The text under the video states that vaping “makes you 4x more likely to start smoking cigarettes.” But the latest study, conducted by Rand, concludes otherwise: “EC use among youth is prospectively associated with progression toward greater cigarette use.”

There’s less to that statement than meets the eye. Are kids who engage in risky behaviors such as vaping also more likely to start smoking? Absolutely. Does vaping “make,” or cause, young people to start smoking? That’s not what the evidence says, but The Truth presents it that way.

It turns out that reporters were the real puppets, uncritically responding to and repeating activists’ unsupported assertions. This, in turn, has led to distorted public opinion which, the FDA now concedes, contributed to the just-announced Gottlieb Plan.

The FDA often touts itself as a science-based agency, immune to pressure from the public, politicians, and special interests.  Maybe this is the Gottlieb Exception.

When Congress gave the FDA authority to regulate recreational lower-risk nicotine products, it was with the expectation that the FDA would be able to both discourage youth use and help adults quit smoking. Sadly, to date, the FDA has accomplished little on either front.

These failures don’t justify a misplaced “crackdown” on e-cigarettes and responsible sellers.
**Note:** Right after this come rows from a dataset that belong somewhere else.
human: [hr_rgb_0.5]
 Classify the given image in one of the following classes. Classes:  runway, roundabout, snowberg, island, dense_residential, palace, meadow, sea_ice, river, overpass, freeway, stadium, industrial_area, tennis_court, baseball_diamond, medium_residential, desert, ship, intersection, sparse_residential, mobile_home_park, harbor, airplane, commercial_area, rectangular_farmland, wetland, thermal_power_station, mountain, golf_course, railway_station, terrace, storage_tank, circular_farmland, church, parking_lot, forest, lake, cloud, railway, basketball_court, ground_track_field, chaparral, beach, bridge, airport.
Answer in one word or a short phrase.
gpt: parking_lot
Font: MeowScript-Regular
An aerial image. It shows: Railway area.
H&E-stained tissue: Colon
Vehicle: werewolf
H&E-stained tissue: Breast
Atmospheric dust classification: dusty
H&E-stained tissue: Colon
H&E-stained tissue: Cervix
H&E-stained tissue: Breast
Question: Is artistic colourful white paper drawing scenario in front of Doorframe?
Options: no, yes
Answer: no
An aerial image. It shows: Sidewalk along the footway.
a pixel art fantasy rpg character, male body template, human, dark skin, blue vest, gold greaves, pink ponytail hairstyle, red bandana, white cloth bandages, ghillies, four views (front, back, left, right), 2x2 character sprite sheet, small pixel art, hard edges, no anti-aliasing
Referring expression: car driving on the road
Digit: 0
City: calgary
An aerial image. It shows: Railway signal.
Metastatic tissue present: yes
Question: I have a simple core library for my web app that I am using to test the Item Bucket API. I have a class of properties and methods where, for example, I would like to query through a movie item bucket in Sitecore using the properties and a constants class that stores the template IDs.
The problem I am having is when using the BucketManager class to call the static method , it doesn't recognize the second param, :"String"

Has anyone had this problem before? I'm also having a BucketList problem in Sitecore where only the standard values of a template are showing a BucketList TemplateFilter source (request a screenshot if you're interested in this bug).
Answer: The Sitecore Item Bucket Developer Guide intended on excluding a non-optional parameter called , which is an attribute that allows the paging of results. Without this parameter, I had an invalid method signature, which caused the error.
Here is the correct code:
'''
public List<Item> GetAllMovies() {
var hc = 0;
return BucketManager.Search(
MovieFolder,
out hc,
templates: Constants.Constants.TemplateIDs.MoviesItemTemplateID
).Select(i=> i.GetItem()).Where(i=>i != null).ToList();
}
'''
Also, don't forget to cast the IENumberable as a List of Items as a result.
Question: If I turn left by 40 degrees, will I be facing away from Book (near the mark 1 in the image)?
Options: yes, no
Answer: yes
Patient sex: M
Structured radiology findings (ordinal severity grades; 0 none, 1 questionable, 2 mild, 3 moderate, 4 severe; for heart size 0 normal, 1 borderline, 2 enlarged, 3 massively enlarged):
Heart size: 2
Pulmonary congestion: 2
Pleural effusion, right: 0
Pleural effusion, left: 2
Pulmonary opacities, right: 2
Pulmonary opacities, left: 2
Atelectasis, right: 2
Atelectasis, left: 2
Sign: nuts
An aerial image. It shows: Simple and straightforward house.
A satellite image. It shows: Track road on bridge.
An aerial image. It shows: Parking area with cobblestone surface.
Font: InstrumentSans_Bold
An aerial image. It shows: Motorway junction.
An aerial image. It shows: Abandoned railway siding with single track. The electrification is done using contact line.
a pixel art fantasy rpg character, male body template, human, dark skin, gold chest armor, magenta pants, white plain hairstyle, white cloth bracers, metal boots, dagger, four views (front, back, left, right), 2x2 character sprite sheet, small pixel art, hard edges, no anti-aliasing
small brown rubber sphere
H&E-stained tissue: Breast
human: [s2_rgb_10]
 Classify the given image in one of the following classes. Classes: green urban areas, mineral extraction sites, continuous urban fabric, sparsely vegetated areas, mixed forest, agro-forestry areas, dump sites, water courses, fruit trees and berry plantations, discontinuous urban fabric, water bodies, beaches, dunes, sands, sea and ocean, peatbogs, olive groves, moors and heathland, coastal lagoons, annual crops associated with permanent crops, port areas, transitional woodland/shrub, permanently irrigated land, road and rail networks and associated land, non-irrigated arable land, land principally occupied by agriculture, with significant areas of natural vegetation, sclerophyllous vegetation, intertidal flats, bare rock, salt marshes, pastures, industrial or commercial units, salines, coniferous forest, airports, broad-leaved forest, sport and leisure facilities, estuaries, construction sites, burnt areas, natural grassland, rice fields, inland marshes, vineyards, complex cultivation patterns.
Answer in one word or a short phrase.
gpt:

They require an aggressive effort to stop the bad actors. Accomplishing that now will require a new FDA policy. And clearly, a new commissioner.

Jeff Stier (@JeffaStier) is a policy adviser to the Heartland Institute and a senior fellow at the Consumer Choice Center. Henry I. Miller, a physician and molecular biologist, is a senior fellow at the Pacific Research Institute. He was the founding director of the Office of Biotechnology at the FDA.